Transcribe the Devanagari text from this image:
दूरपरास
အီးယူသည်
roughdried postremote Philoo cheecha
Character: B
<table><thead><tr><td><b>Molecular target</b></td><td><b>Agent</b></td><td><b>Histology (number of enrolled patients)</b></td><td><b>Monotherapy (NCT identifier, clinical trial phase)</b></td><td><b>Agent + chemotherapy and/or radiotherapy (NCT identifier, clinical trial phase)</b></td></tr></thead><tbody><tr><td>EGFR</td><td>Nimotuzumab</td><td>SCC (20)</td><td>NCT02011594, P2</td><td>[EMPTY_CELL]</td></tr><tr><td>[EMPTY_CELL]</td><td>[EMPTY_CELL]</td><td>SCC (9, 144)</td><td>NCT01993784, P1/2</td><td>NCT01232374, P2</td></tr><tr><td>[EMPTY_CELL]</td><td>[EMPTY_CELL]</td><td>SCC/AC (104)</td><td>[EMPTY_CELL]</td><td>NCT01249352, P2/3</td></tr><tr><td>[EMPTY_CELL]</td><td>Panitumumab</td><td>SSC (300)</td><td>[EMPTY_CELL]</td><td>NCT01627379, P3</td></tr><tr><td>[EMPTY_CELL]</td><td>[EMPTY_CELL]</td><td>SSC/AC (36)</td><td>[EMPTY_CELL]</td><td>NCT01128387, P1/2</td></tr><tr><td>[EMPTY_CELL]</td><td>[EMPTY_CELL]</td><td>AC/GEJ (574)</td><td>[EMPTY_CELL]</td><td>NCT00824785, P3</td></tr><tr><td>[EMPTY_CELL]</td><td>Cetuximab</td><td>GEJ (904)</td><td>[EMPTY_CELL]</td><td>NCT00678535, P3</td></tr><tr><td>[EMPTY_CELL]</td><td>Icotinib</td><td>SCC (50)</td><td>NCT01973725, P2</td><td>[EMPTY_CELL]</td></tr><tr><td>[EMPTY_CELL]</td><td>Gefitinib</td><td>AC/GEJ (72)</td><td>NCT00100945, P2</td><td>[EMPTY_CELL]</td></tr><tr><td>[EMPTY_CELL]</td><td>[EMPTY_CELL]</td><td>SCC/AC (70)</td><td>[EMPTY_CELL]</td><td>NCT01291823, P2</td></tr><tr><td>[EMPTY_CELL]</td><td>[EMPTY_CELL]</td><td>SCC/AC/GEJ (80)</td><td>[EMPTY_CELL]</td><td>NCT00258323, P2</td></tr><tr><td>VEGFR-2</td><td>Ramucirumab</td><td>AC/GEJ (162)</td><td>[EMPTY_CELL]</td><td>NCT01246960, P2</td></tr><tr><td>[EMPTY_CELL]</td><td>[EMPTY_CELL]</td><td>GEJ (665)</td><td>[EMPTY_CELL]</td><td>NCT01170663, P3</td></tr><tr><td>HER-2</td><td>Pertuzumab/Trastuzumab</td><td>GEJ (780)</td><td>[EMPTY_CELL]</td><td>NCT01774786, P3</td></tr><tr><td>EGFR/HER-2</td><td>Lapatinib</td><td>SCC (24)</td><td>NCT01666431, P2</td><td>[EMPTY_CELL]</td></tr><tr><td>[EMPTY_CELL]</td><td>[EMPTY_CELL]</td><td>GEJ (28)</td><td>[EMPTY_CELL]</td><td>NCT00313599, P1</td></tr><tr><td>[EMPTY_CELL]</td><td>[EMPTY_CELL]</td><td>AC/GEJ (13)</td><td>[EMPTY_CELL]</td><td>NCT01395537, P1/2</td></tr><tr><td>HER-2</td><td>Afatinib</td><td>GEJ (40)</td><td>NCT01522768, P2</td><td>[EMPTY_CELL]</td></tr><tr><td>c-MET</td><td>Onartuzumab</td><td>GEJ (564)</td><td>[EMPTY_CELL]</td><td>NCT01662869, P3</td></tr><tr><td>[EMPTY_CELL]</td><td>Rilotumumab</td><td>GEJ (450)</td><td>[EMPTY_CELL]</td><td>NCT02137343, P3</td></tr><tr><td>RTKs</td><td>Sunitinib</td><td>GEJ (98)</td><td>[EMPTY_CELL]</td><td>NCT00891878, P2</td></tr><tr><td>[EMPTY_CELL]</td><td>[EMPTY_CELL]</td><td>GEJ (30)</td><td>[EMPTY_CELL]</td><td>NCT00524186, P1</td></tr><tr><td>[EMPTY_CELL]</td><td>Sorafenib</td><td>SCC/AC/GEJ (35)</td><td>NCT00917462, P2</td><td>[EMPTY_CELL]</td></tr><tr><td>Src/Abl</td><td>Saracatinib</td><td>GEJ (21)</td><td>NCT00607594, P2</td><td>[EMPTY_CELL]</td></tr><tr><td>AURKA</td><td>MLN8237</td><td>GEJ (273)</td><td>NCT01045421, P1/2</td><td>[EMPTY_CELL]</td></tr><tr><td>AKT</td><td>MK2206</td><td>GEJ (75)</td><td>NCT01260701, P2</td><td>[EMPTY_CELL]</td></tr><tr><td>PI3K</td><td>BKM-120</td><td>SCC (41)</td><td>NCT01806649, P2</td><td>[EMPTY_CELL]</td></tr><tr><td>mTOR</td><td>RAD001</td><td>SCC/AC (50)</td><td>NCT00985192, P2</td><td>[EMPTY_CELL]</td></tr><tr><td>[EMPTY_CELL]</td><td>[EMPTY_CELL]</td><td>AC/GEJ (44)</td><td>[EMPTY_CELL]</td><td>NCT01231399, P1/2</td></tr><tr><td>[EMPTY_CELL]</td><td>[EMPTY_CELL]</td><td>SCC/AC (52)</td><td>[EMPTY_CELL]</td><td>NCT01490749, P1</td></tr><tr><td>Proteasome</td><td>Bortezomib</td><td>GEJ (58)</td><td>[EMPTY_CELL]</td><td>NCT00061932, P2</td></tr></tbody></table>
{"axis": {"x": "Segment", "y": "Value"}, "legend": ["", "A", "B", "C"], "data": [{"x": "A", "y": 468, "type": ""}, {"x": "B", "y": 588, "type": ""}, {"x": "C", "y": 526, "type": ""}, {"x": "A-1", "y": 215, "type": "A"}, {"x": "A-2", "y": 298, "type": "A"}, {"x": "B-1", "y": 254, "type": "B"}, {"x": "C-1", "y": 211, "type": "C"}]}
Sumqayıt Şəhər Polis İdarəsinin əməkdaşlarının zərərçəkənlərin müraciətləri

----

(Your objective): Copy out the entries exactly. Begin at the first line and end with the line that has "Character: B".

(Answer to the problem):
Transcribe the Devanagari text from this image:
दूरपरास
အီးယူသည်
roughdried postremote Philoo cheecha
Character: B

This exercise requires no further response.